I am confused on dealing with the positive or negative sign when finding the two square roots of a complex number. For example I am solving a similar question to the one here: link
In the answer it is written: $$z^{1/2}=\sqrt{9\left(\cos\frac{\pi}{3}+i\sin \frac{\pi}{3}\right)}$$
Then: $$=\color{red}3\left(\cos\left(2k\pi+\frac{\pi}{3}\right)+i\sin \left(2k\pi+\frac{\pi}{3}\right)\right)^{1/2}$$
Wouldn't $\sqrt{9}$ result in $\pm 3$? Why did he take the positive root only?

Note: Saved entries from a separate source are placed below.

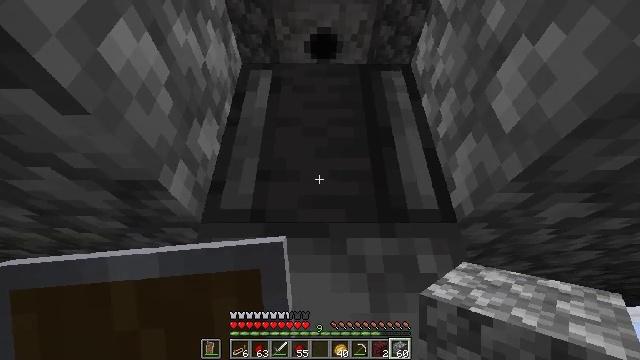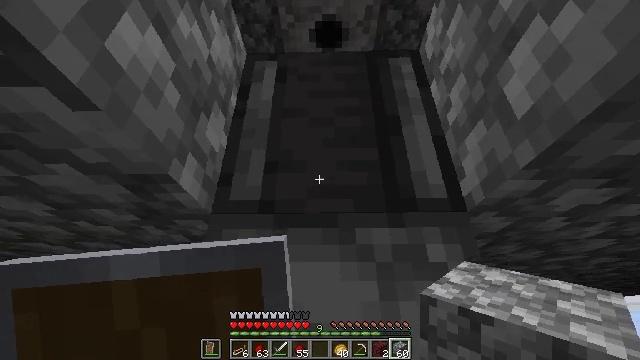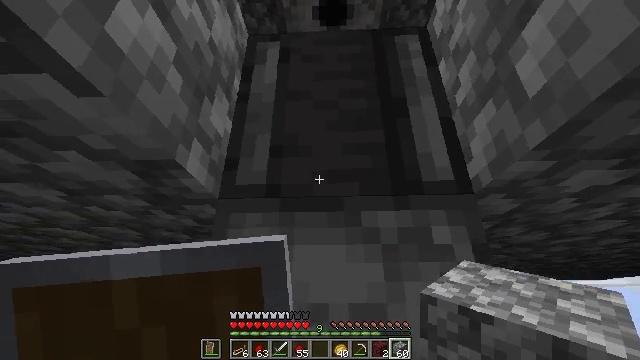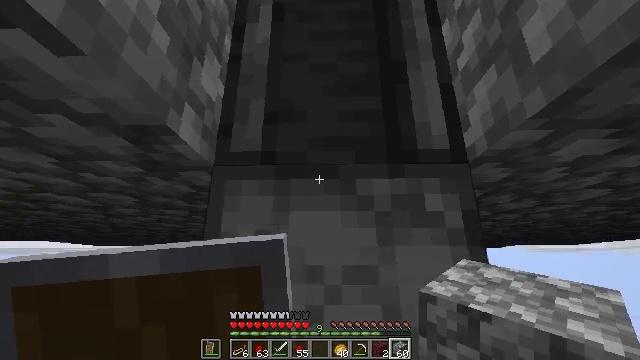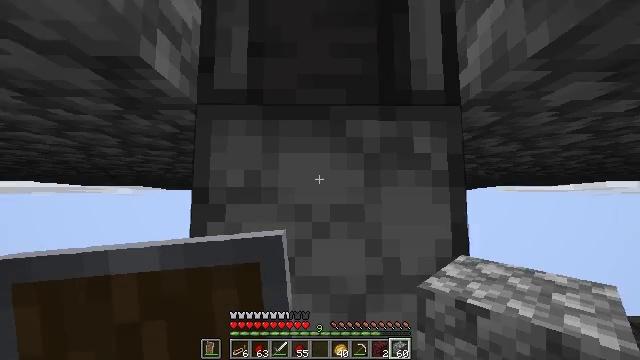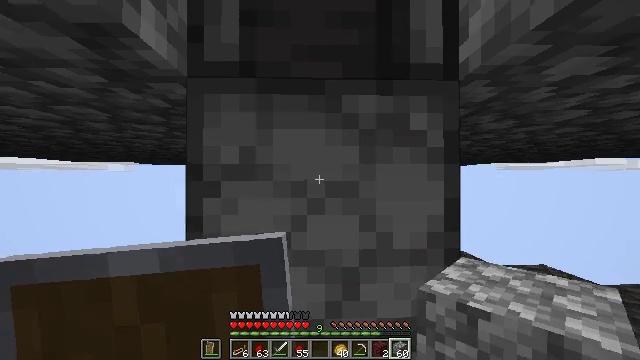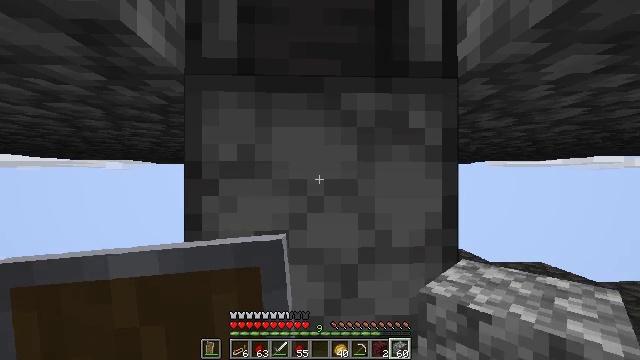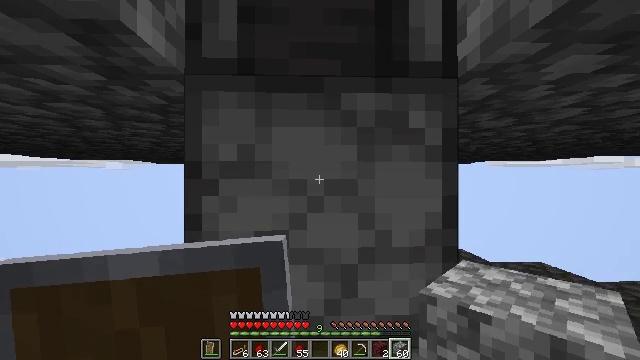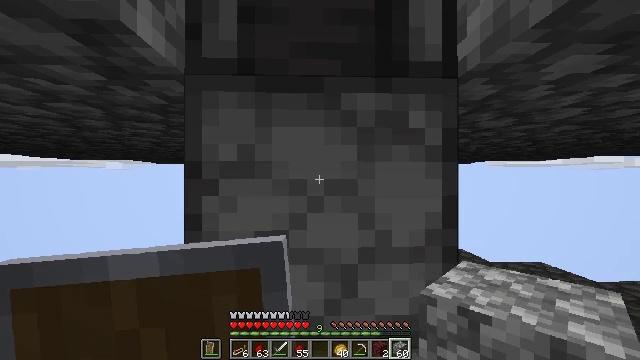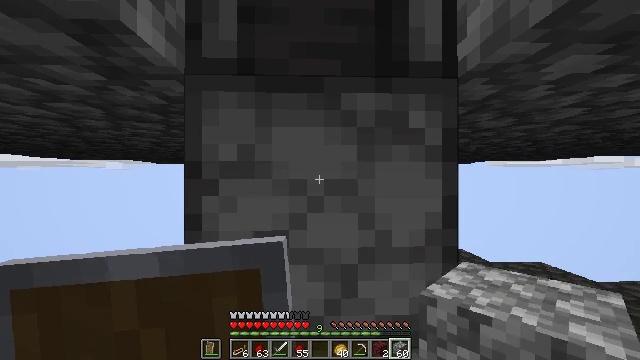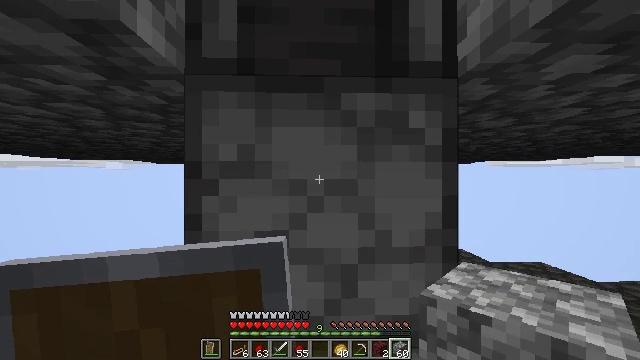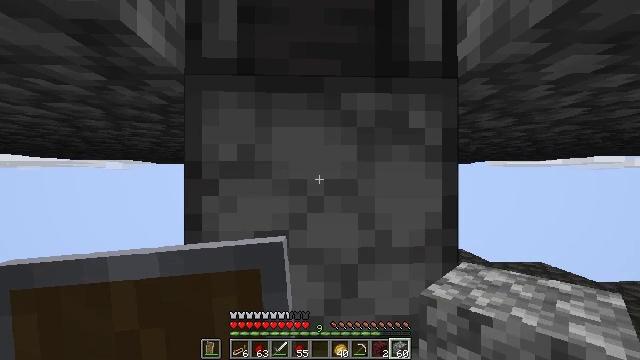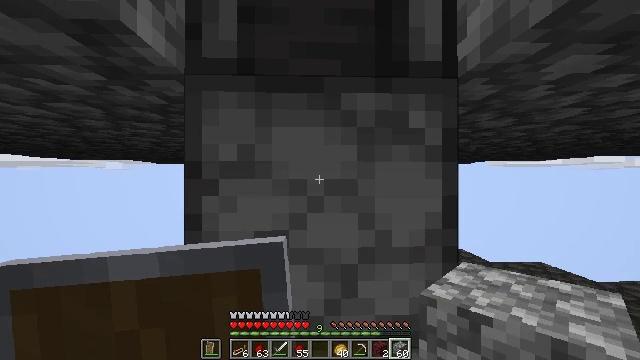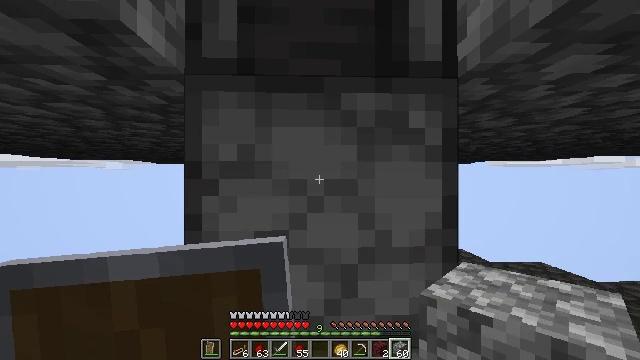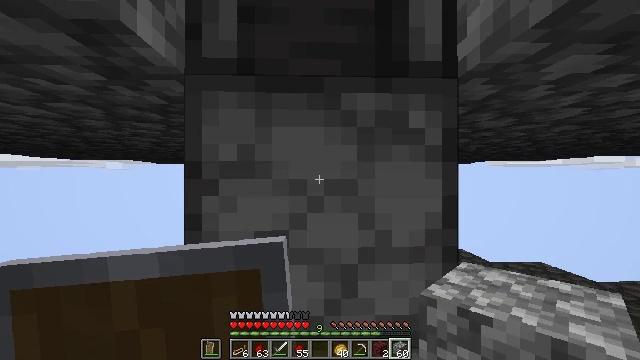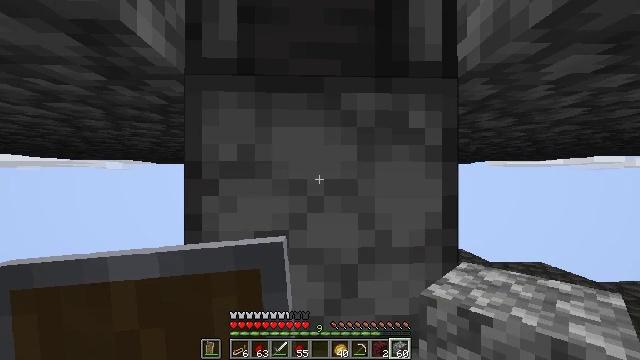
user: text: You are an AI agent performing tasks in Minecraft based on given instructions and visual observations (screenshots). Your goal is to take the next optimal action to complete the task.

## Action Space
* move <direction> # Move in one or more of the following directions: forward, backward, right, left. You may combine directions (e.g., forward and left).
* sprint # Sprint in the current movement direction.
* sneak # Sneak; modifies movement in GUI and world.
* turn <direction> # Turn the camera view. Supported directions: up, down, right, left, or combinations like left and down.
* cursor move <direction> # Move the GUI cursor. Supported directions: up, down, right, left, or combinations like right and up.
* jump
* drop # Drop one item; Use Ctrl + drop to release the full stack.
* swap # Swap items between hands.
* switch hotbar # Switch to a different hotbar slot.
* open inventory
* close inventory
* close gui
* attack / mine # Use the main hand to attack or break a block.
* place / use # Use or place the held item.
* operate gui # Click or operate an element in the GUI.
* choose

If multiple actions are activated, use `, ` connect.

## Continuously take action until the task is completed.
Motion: motion action
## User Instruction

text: Collect the dispenser for reuse.
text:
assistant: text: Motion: turn left and down
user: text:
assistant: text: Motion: turn left and down
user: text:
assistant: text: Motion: turn right and down
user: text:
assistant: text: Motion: turn right and down
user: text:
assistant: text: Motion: turn right and down
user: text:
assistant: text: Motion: no_op
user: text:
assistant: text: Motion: no_op
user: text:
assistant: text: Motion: no_op
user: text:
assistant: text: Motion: no_op
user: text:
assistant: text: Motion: no_op
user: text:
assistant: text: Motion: no_op
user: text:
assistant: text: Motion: no_op
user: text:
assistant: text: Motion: no_op
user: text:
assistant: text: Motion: no_op
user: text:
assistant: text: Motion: no_op
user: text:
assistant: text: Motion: no_op
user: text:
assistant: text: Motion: no_op
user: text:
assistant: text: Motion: no_op
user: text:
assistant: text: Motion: no_op
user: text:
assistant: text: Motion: no_op
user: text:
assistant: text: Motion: no_op
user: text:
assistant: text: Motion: no_op
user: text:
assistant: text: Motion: no_op
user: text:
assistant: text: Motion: no_op
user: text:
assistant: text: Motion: no_op
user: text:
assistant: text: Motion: no_op
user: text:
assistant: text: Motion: no_op
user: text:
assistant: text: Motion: no_op
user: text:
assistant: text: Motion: no_op
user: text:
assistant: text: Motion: no_op

I understand that converting a number into polar form and using De Moivre's formula to find the square root would yield this general formula: $$(r(\cos(\theta)+ i \sin(\theta)))^{1/2} = ±\sqrt{r}(\cos(\theta/2) + i \sin(\theta/2))$$
And that is my source of confusion, I can't apperantly see how to deal with the $\pm$ sign. Considering that in the linked answer it was not there from the first place. I would love to be corrected on what I am misunderstanding.
Best Answer
If you read the full answer, it says the square root is
$$3\left(\cos\left(\frac{6k\pi+\pi}{6}\right)+i\sin \left(\frac{6k\pi+\pi}{6}\right)\right)$$ where $k=0, 1.$
The $k=0$ solution is
$$3\left(\cos\left(\frac{\pi}{6}\right)+i\sin \left(\frac{\pi}{6}\right)\right)$$ and the $k=1$ solution is $$3\left(\cos\left(\frac{7\pi}{6}\right)+i\sin \left(\frac{7\pi}{6}\right)\right).$$
Note that one solution is just the negative of the other.